*MATERIAL FOR THIS TASK*

____

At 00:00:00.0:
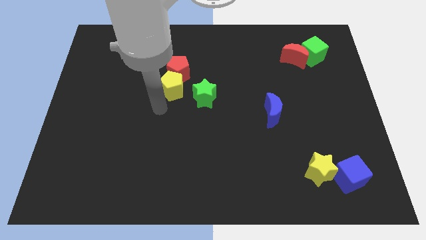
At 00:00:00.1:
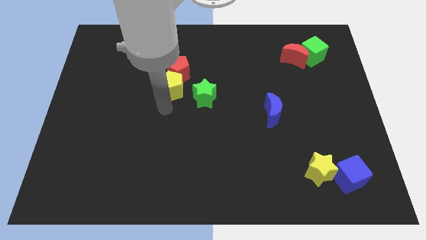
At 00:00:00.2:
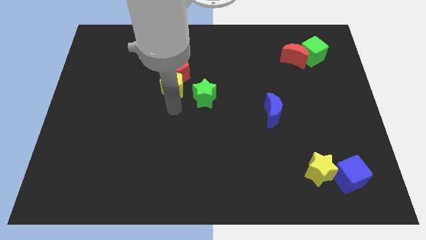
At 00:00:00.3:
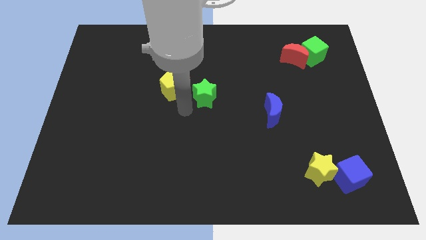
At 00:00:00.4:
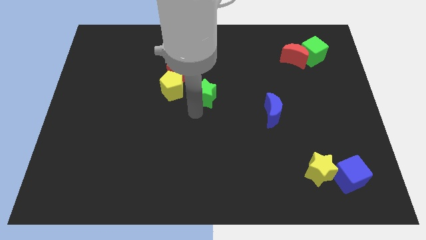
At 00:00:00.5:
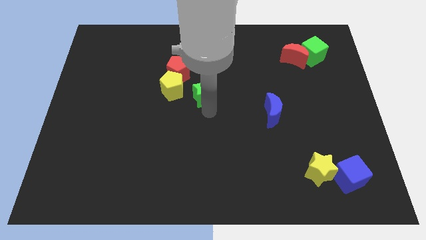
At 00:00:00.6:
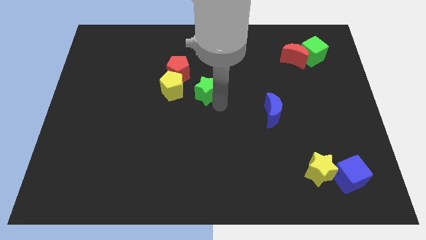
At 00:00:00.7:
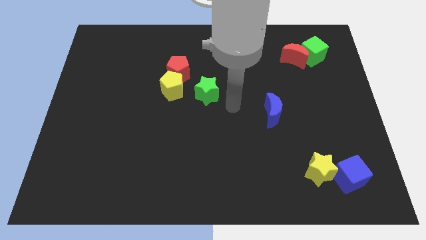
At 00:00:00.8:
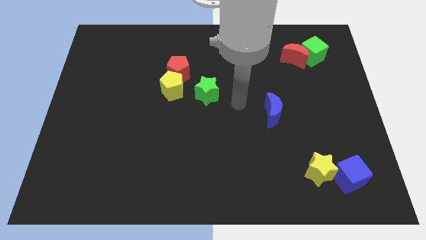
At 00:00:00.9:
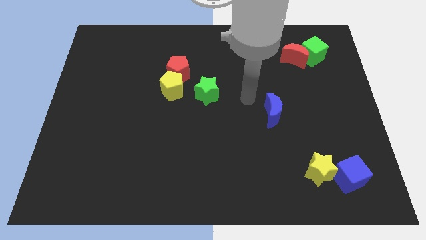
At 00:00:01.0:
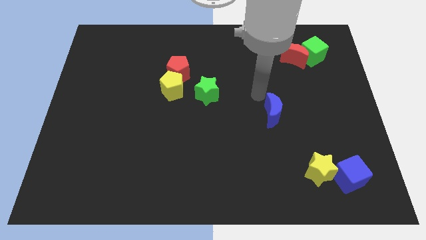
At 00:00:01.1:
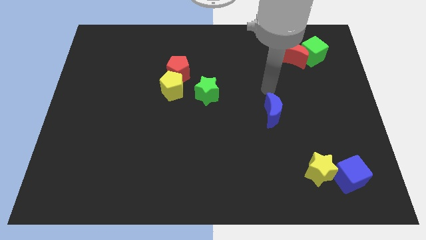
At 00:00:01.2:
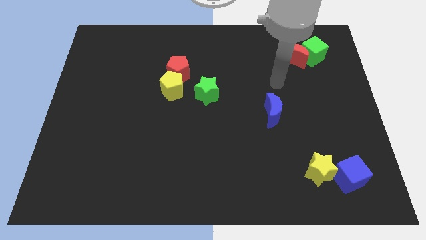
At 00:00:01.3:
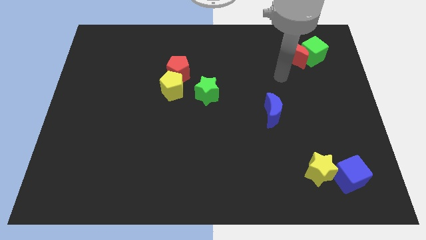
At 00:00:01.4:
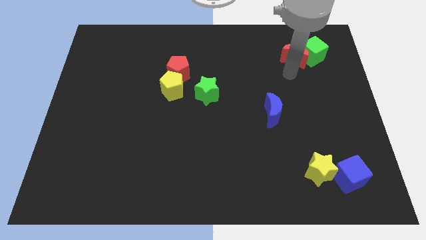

____

*ABOUT THIS TASK*
Output the material above verbatim but exclude each picture.

*YOUR RESPONSE*
At 00:00:00.0:
At 00:00:00.1:
At 00:00:00.2:
At 00:00:00.3:
At 00:00:00.4:
At 00:00:00.5:
At 00:00:00.6:
At 00:00:00.7:
At 00:00:00.8:
At 00:00:00.9:
At 00:00:01.0:
At 00:00:01.1:
At 00:00:01.2:
At 00:00:01.3:
At 00:00:01.4:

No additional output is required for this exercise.